### DIRECTIONS:
From the first line to the last, copy the listing below word for word.

### EXERCISE INPUTS:
++++++++++++++++++++
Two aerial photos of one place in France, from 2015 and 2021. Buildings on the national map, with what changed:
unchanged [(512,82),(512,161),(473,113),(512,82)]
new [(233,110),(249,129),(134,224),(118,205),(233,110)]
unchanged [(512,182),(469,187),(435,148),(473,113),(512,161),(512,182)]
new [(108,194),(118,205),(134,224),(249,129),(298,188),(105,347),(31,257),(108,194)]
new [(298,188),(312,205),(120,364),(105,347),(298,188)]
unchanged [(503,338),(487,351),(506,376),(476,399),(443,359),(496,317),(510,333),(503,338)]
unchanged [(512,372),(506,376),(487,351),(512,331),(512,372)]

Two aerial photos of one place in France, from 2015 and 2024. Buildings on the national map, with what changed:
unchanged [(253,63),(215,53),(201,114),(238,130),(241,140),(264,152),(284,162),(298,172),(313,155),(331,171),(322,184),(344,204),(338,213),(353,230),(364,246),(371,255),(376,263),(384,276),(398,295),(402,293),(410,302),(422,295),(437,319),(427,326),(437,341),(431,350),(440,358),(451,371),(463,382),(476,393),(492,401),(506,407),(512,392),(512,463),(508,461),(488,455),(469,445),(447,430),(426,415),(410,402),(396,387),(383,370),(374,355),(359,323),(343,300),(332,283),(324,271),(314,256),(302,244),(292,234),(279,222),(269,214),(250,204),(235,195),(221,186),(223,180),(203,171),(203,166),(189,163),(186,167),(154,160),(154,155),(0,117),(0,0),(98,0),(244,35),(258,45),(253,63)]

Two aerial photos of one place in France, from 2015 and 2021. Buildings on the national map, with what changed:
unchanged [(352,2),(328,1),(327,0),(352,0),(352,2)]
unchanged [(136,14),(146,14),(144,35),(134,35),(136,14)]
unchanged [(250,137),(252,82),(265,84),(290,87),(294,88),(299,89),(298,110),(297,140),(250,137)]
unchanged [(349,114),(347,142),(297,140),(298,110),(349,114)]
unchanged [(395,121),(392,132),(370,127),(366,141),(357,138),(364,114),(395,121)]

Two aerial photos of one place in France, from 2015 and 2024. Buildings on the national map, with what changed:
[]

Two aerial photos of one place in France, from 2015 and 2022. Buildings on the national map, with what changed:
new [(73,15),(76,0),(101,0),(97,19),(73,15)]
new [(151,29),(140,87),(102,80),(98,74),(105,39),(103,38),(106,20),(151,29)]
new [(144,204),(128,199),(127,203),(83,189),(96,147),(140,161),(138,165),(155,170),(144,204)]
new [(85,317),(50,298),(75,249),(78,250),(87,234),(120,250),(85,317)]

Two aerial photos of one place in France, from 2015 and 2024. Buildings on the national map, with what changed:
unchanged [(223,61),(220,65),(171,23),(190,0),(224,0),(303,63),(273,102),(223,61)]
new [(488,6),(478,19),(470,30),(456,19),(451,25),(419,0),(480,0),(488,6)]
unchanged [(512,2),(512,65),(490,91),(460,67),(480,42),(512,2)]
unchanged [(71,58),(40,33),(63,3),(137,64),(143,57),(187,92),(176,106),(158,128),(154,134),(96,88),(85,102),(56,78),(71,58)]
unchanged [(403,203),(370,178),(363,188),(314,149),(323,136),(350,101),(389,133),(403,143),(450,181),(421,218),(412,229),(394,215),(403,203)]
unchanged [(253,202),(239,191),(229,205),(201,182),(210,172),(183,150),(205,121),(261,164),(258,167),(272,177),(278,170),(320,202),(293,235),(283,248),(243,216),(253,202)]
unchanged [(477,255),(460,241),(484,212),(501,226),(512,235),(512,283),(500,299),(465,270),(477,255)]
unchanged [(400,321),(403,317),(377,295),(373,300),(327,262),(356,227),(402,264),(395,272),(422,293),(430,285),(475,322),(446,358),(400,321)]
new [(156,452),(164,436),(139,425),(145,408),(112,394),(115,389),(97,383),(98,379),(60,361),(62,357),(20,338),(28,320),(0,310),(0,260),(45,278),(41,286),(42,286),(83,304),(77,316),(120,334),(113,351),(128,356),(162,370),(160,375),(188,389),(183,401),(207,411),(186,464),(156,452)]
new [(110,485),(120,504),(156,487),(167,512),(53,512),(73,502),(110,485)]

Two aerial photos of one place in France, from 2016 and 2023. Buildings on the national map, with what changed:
++++++++++++++++++++
### WRITTEN SOLUTION:
Two aerial photos of one place in France, from 2015 and 2021. Buildings on the national map, with what changed:
unchanged [(512,82),(512,161),(473,113),(512,82)]
new [(233,110),(249,129),(134,224),(118,205),(233,110)]
unchanged [(512,182),(469,187),(435,148),(473,113),(512,161),(512,182)]
new [(108,194),(118,205),(134,224),(249,129),(298,188),(105,347),(31,257),(108,194)]
new [(298,188),(312,205),(120,364),(105,347),(298,188)]
unchanged [(503,338),(487,351),(506,376),(476,399),(443,359),(496,317),(510,333),(503,338)]
unchanged [(512,372),(506,376),(487,351),(512,331),(512,372)]

Two aerial photos of one place in France, from 2015 and 2024. Buildings on the national map, with what changed:
unchanged [(253,63),(215,53),(201,114),(238,130),(241,140),(264,152),(284,162),(298,172),(313,155),(331,171),(322,184),(344,204),(338,213),(353,230),(364,246),(371,255),(376,263),(384,276),(398,295),(402,293),(410,302),(422,295),(437,319),(427,326),(437,341),(431,350),(440,358),(451,371),(463,382),(476,393),(492,401),(506,407),(512,392),(512,463),(508,461),(488,455),(469,445),(447,430),(426,415),(410,402),(396,387),(383,370),(374,355),(359,323),(343,300),(332,283),(324,271),(314,256),(302,244),(292,234),(279,222),(269,214),(250,204),(235,195),(221,186),(223,180),(203,171),(203,166),(189,163),(186,167),(154,160),(154,155),(0,117),(0,0),(98,0),(244,35),(258,45),(253,63)]

Two aerial photos of one place in France, from 2015 and 2021. Buildings on the national map, with what changed:
unchanged [(352,2),(328,1),(327,0),(352,0),(352,2)]
unchanged [(136,14),(146,14),(144,35),(134,35),(136,14)]
unchanged [(250,137),(252,82),(265,84),(290,87),(294,88),(299,89),(298,110),(297,140),(250,137)]
unchanged [(349,114),(347,142),(297,140),(298,110),(349,114)]
unchanged [(395,121),(392,132),(370,127),(366,141),(357,138),(364,114),(395,121)]

Two aerial photos of one place in France, from 2015 and 2024. Buildings on the national map, with what changed:
[]

Two aerial photos of one place in France, from 2015 and 2022. Buildings on the national map, with what changed:
new [(73,15),(76,0),(101,0),(97,19),(73,15)]
new [(151,29),(140,87),(102,80),(98,74),(105,39),(103,38),(106,20),(151,29)]
new [(144,204),(128,199),(127,203),(83,189),(96,147),(140,161),(138,165),(155,170),(144,204)]
new [(85,317),(50,298),(75,249),(78,250),(87,234),(120,250),(85,317)]

Two aerial photos of one place in France, from 2015 and 2024. Buildings on the national map, with what changed:
unchanged [(223,61),(220,65),(171,23),(190,0),(224,0),(303,63),(273,102),(223,61)]
new [(488,6),(478,19),(470,30),(456,19),(451,25),(419,0),(480,0),(488,6)]
unchanged [(512,2),(512,65),(490,91),(460,67),(480,42),(512,2)]
unchanged [(71,58),(40,33),(63,3),(137,64),(143,57),(187,92),(176,106),(158,128),(154,134),(96,88),(85,102),(56,78),(71,58)]
unchanged [(403,203),(370,178),(363,188),(314,149),(323,136),(350,101),(389,133),(403,143),(450,181),(421,218),(412,229),(394,215),(403,203)]
unchanged [(253,202),(239,191),(229,205),(201,182),(210,172),(183,150),(205,121),(261,164),(258,167),(272,177),(278,170),(320,202),(293,235),(283,248),(243,216),(253,202)]
unchanged [(477,255),(460,241),(484,212),(501,226),(512,235),(512,283),(500,299),(465,270),(477,255)]
unchanged [(400,321),(403,317),(377,295),(373,300),(327,262),(356,227),(402,264),(395,272),(422,293),(430,285),(475,322),(446,358),(400,321)]
new [(156,452),(164,436),(139,425),(145,408),(112,394),(115,389),(97,383),(98,379),(60,361),(62,357),(20,338),(28,320),(0,310),(0,260),(45,278),(41,286),(42,286),(83,304),(77,316),(120,334),(113,351),(128,356),(162,370),(160,375),(188,389),(183,401),(207,411),(186,464),(156,452)]
new [(110,485),(120,504),(156,487),(167,512),(53,512),(73,502),(110,485)]

Two aerial photos of one place in France, from 2016 and 2023. Buildings on the national map, with what changed:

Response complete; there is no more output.